And it ain't patriotism.
Thanks for the Memory to Michelle Malkin.
Some of you may remember the entry I made regarding Greyhound's treatment of a Marine. I never did hear any follow-up on that one. Apparently, however, Greyhound isn't alone in its idiocy. Michelle links to one of my favorite blogs, Marine Corps Moms, who in turn link to the Benton Courier, and a Letter to the Editor (sort of):
This letter is NOT to the editor. This letter is to the young female soldier from Benton, who I had the privilege to meet this past Friday evening as we were both trying to get home to Arkansas. Returning from a business trip to New Jersey, I was changing planes in Cincinnati when we met. I had just boarded Delta Flight 6281 (operated by Chautauqua Airlines, a Delta Connection Carrier), Delta's last flight of the evening to Little Rock, when you came onboard and sat down in front of me. I, along with other passengers who had already boarded, listened while you shared your story with us. Having spent [more than] six months in Iraq, you were traveling home to Arkansas. While in Iraq, you had been under enemy fire frequently - on many occasions, several times a day. You had lost two fellow soldiers from your post, and just recently (watched) another lose a leg. You were exhausted from two days of travel, having flown from Iraq to Kuwait, from Kuwait to the Netherlands, from the Netherlands to Cincinnati Š but you were excited and happy, because Cincinnati to Little Rock meant you would be home, just in time for your youngest child's second birthday. You had 18 days' leave remaining before returning to Iraq.

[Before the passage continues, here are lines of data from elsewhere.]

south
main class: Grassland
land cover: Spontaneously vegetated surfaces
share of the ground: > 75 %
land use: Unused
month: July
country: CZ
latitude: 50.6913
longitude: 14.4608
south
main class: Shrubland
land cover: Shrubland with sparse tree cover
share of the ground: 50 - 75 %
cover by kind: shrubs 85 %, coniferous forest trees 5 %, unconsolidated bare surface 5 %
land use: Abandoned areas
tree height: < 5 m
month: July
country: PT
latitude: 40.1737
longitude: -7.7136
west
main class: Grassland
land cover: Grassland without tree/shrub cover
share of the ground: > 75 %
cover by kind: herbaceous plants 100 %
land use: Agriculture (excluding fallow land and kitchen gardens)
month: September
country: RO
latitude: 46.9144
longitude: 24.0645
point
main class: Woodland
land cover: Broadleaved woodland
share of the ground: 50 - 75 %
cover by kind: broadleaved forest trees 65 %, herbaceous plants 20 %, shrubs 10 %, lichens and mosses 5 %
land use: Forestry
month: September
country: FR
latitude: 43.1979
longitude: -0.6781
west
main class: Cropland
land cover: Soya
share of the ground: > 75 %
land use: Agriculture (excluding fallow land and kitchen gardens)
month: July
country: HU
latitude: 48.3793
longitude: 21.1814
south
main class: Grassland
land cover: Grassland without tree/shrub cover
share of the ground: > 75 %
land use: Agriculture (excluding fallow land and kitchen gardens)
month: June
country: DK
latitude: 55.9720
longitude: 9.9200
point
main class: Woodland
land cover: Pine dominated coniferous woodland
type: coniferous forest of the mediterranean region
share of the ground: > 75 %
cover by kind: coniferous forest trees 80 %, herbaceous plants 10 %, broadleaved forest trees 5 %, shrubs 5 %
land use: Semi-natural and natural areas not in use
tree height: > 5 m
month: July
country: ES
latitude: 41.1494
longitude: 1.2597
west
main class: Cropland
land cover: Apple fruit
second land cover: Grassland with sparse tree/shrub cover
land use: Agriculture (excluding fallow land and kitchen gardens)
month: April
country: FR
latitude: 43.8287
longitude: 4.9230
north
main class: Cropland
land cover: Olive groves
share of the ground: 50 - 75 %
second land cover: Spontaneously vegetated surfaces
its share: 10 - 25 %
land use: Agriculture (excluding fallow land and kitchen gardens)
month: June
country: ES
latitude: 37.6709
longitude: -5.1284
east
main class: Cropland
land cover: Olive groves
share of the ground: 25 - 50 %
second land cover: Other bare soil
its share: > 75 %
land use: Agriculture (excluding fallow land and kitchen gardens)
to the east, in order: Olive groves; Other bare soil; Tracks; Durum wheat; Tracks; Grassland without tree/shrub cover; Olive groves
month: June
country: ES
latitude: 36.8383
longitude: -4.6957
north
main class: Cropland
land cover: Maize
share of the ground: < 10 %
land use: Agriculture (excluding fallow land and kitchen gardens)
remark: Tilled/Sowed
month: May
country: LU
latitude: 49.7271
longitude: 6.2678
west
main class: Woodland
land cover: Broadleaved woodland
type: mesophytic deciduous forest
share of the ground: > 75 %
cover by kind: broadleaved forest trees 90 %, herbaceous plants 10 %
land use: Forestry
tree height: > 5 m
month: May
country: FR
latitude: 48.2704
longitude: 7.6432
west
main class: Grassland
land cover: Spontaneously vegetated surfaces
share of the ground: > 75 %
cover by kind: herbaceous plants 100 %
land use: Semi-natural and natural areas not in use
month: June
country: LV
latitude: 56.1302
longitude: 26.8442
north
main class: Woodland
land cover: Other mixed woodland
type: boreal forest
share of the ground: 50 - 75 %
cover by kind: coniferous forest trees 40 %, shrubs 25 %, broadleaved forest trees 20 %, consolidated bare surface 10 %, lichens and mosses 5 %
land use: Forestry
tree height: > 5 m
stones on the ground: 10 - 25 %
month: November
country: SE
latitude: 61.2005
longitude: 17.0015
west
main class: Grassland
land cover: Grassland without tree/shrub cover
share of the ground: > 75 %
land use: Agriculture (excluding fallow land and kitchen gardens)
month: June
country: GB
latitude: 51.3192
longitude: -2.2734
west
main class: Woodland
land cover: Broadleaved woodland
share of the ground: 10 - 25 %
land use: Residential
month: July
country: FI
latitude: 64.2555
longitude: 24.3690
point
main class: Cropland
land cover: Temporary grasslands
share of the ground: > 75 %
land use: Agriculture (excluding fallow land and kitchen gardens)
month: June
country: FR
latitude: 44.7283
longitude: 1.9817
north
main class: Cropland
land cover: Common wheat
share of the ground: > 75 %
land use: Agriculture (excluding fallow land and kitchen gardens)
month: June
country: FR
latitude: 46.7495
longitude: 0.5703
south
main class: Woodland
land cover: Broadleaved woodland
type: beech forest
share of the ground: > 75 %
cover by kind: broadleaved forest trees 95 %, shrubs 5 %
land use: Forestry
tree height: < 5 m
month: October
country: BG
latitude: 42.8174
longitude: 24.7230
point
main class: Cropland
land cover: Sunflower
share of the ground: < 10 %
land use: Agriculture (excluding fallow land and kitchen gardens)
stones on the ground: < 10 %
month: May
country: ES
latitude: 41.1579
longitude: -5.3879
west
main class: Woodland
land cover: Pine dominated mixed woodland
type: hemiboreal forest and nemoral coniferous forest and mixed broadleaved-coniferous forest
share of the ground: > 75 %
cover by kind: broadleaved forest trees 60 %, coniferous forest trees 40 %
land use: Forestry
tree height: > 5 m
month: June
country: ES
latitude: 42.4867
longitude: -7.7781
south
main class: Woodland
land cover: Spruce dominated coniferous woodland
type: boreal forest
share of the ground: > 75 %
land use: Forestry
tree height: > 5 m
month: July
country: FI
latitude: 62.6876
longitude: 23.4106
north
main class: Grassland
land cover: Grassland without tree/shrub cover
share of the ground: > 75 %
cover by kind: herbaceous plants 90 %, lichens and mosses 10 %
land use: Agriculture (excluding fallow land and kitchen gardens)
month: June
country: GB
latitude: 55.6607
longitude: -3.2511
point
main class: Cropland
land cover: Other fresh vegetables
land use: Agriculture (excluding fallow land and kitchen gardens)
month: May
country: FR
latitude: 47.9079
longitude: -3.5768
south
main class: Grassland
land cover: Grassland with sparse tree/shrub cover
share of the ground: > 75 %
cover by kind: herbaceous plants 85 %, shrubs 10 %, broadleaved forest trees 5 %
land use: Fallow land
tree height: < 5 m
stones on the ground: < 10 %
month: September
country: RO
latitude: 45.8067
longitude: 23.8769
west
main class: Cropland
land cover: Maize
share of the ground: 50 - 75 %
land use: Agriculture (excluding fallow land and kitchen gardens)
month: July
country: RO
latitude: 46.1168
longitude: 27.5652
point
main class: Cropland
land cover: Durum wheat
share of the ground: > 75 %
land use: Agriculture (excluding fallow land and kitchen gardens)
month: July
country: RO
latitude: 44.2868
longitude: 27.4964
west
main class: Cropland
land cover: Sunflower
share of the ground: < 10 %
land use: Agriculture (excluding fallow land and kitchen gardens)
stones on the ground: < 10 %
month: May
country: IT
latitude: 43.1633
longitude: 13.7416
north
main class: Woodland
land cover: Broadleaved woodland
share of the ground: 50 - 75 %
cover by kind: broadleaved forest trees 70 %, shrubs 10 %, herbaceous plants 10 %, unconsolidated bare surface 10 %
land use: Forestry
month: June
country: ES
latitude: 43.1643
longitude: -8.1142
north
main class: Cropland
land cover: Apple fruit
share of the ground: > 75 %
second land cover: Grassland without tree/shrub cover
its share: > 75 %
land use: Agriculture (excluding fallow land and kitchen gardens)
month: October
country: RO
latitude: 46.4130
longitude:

This letter is also to the well-dressed, middle-aged woman who boarded the plane late, who through some administrative error had been assigned the same seat as the soldier. Your behavior made it obvious to me and those around me that you had no intention of handling the situation in a mature way. You approached the flight attendant and demanded "your seat." As the flight attendant worked with the gate crew to try and resolve the issue, the soldier was asked to leave the plane. Shortly thereafter, you returned. When I inquired as to whether you were aware that the individual who had previously been in "your seat" was a soldier traveling home from Iraq on leave to see her family, your verbatim response was, "So what Š I'm a victim from Chicago! What's the difference?" All within earshot were dumbfounded. It was apparent that you have no appreciation for your fellow Americans who leave home and family and risk their lives wearing the uniform of the United States military.
This letter is also to Delta Airlines. When I, along with several others onboard, approached the Chautauqua flight attendant volunteering to give up one of our seats for the soldier, she left to ask the pilot if that could be arranged, then returned to inform me that the pilot was discussing it with "ops." I overheard part of her ensuing conversation with the pilot, where he conveyed the message that Delta would not permit a paying passenger to be replaced with a "non-rev" Š so, in the end, the decision which caused the soldier to spend yet another night away from home was a financial one. Why, instead, don't soldiers like this one get preferential treatment from Delta instead of being placed last on the list? I am, and have been for many years, a Delta Medallion frequent flier, and may continue to fly Delta when appropriate. However, in spite of Delta's well-publicized financial difficulties, if it is your corporate policy to prioritize profit margin over principled corporate citizenship, then I will be a vocal opponent of any federal financial aid to Delta Airlines.
This letter is also to those in the U.S. military responsible for placing this soldier and all like her in this situation in the first place. As a small businessman, I understand fiscal responsibilities and expect taxpayers' money to be stewarded wisely. I cannot believe, though, that there are not better ways to save money than having our military personnel traveling to and from combat situations on leave flying on commercial airlines under this type of arrangement. Does this policy apply to the military decision-makers as well? Will it take you three days to get home on leave if and when you are ever again asked to serve in combat?
As I was deplaning in Little Rock, the flight attendant handed me a folded piece of paper and personally thanked me for offering my seat to the soldier. Walking through the terminal, I read the note she had written. The youngest of her six children, her only son, was joining the Army. She was expressing her hopes that, in the event he was ever placed in a similar situation, he would be treated differently or at least know that there were those who appreciated his service.
Back to the young soldier: Because you were asked to leave the plane, you did not see that there were numerous volunteers willing to give up their set for you. You only heard the one ingrate who had no appreciation for the sacrifices you are making for all of us. That was no way to be welcomed home to America. I was both ashamed to have been a part of what happened and angry that, in spite of our efforts, there was nothing the other passengers and I could do to help you. Again, this letter is first and foremost to you. It is my intention that it appears in the media before your return to Iraq, so that you will know your efforts are appreciated and that you are sincerely welcomed home by most, if not all, of us. I hope we get another opportunity to do just that. May God bless you and keep you safe.
Michael E. Nelson
Well said, Mr. Nelson. Good for you and your fellow passengers for the effort. shame on that woman.
And shame on Delta for stabbing a young soldier serving her country in the back. I'll never fly Delta again. (And with the financial trouble they're in, let's hope that before long, NOONE ever flies Delta again)!